Vlado Šmit

Personal information
- Date of birth: 6 April 1980 (age 46)
- Place of birth: Sremska Mitrovica, SR Serbia, SFR Yugoslavia
- Height: 1.80 m (5 ft 11 in)
- Position: Left-back

Youth career
- 0000–1997: Vojvodina

Senior career*
- Years: Team / Apps / (Gls)
- 1997–1998: Vrbas / 19 / (1)
- 1998–1999: Vojvodina / 0 / (0)
- 1999–2000: Vrbas / 17 / (1)
- 2000–2001: Milicionar / 23 / (2)
- 2001–2002: Železnik / 16 / (1)
- 2002: → Bologna (loan) / 0 / (0)
- 2002–2007: Bologna / 55 / (2)
- 2003–2004: → Atalanta (loan) / 24 / (0)
- 2005: → Pescara (loan) / 10 / (0)
- 2007–2009: Treviso / 50 / (2)
- 2009–2010: Gallipoli / 4 / (0)
- 2010–2012: SPAL / 33 / (8)
- 2012: Cagliari / 0 / (0)
- 2012–2018: Triglav Kranj / 111 / (13)
- Total:  / 362 / (30)

International career
- 1997–1998: FR Yugoslavia U18 / 8 / (0)
- 2000–2001: FR Yugoslavia U21 / 3 / (0)

Managerial career
- 2018–2019: Triglav Kranj (assistant)
- 2019–2020: Triglav Kranj
- 2020–2021: Çaykur Rizespor (assistant)
- 2022: Sava Kranj
- 2022: Göztepe (assistant)
- 2022: Sheriff Tiraspol (assistant)
- 2023: Osijek (assistant)
- 2026: Oțelul Galați (assistant)

= Vlado Šmit =

Serbian footballer and manager

Vlado Šmit (Serbian Cyrillic: Владо Шмит; born 6 April 1980) is a Serbian professional football manager and former player.

==Club career==
Born in Sremska Mitrovica, Šmit made his senior debut with Vrbas in the 1997–98 season, helping the club win promotion to the Second League of FR Yugoslavia. He then spent one year at Vojvodina, failing to make any appearance for their first squad. Afterwards, Šmit moved back to his former club Vrbas, scoring once in 17 league appearances during the 1999–2000 season.

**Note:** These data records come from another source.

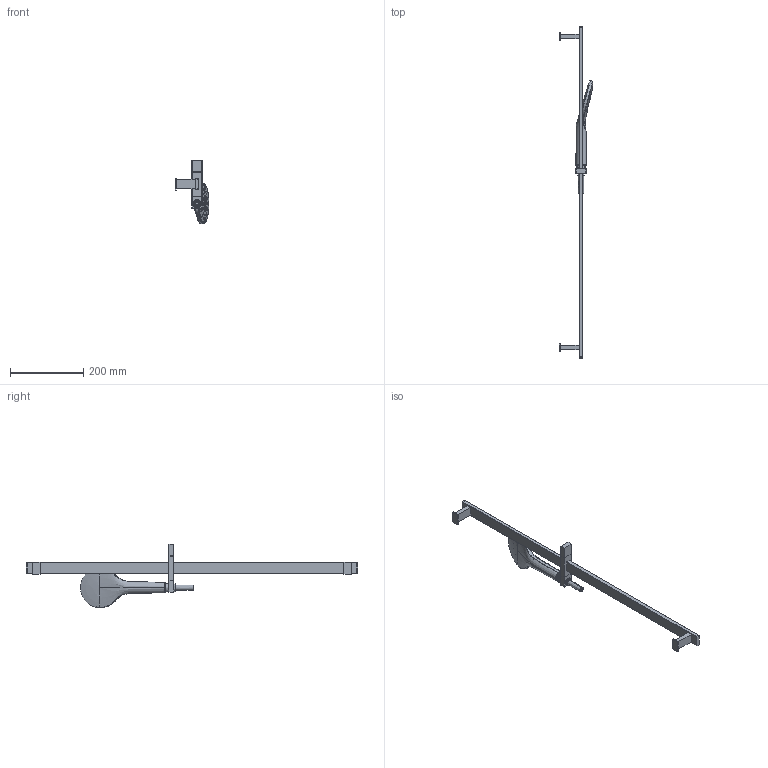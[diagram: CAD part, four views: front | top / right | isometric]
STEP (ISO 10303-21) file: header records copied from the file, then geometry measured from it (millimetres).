
FILE_DESCRIPTION((''),'2;1');
FILE_NAME('ZSAL147CRAG_ASM','2021-11-15T12:55:34',('ut3'),('PAFFONI SpA'),'CREO PARAMETRIC BY PTC INC, 2020044','CREO PARAMETRIC BY PTC INC, 2020044','');
FILE_SCHEMA(('CONFIG_CONTROL_DESIGN','SHAPE_APPEARANCE_LAYERS_GROUPS'));
Products named in the file (16): 4071543CR; 4071389AGE; 4071084CR_E; 4071084CR_A; 4071084CR_B; 4071084CR_C; 4071084CR_D1; 4071084CR_D2; 4071084CR_D3; 4071084CR_D_ASM; 4071084CR_F1; 4071084CR_F2; 4071084CR_F3; 4071084CR_F_ASM; 4072084CR_ASM; ZSAL147CRAG_ASM
Assembly tree (15 placements, depth 4):
  ZSAL147CRAG_ASM
    4071543CR
    4071389AGE
    4072084CR_ASM
      4071084CR_E
      4071084CR_A
      4071084CR_B
      4071084CR_C
      4071084CR_D_ASM
        4071084CR_D1
        4071084CR_D2
        4071084CR_D3
      4071084CR_F_ASM
        4071084CR_F1
        4071084CR_F2
        4071084CR_F3
Bounding box: 92.66 x 906.4 x 173.36 mm (x, y, z)
Volume: 393697.2 mm3; surface area: 190627.3 mm2
Topology: 11 solids, 12 shells, 2792 faces, 7395 edges, 4688 vertices
Faces by surface type: bspline 1015, plane 589, cylinder 447, cone 437, torus 215, sphere 50, extrusion 33, revolution 6
Entity records: 237396 total; most frequent: CARTESIAN_POINT 140073, ORIENTED_EDGE 14686, PRESENTATION_STYLE_ASSIGNMENT 9187, STYLED_ITEM 9182, DIRECTION 9027, EDGE_CURVE 7346, CURVE_STYLE 6770, VERTEX_POINT 4684

In summer 2000, Šmit switched to Milicionar, making his First League of FR Yugoslavia debut in the 2000–01 season. He then spent six months with Železnik, before moving on loan to Italian club Bologna in January 2002. After a six-month period, Šmit signed a four-year contract with Bologna in the summer of 2002. He subsequently played at Serie A and Serie B level with Atalanta, Pescara and Treviso. In August 2009, after spending two months without a team following Treviso's exclusion from professional football, Šmit accepted an offer to join newly promoted Serie B side Gallipoli. He eventually switched to SPAL in January 2010.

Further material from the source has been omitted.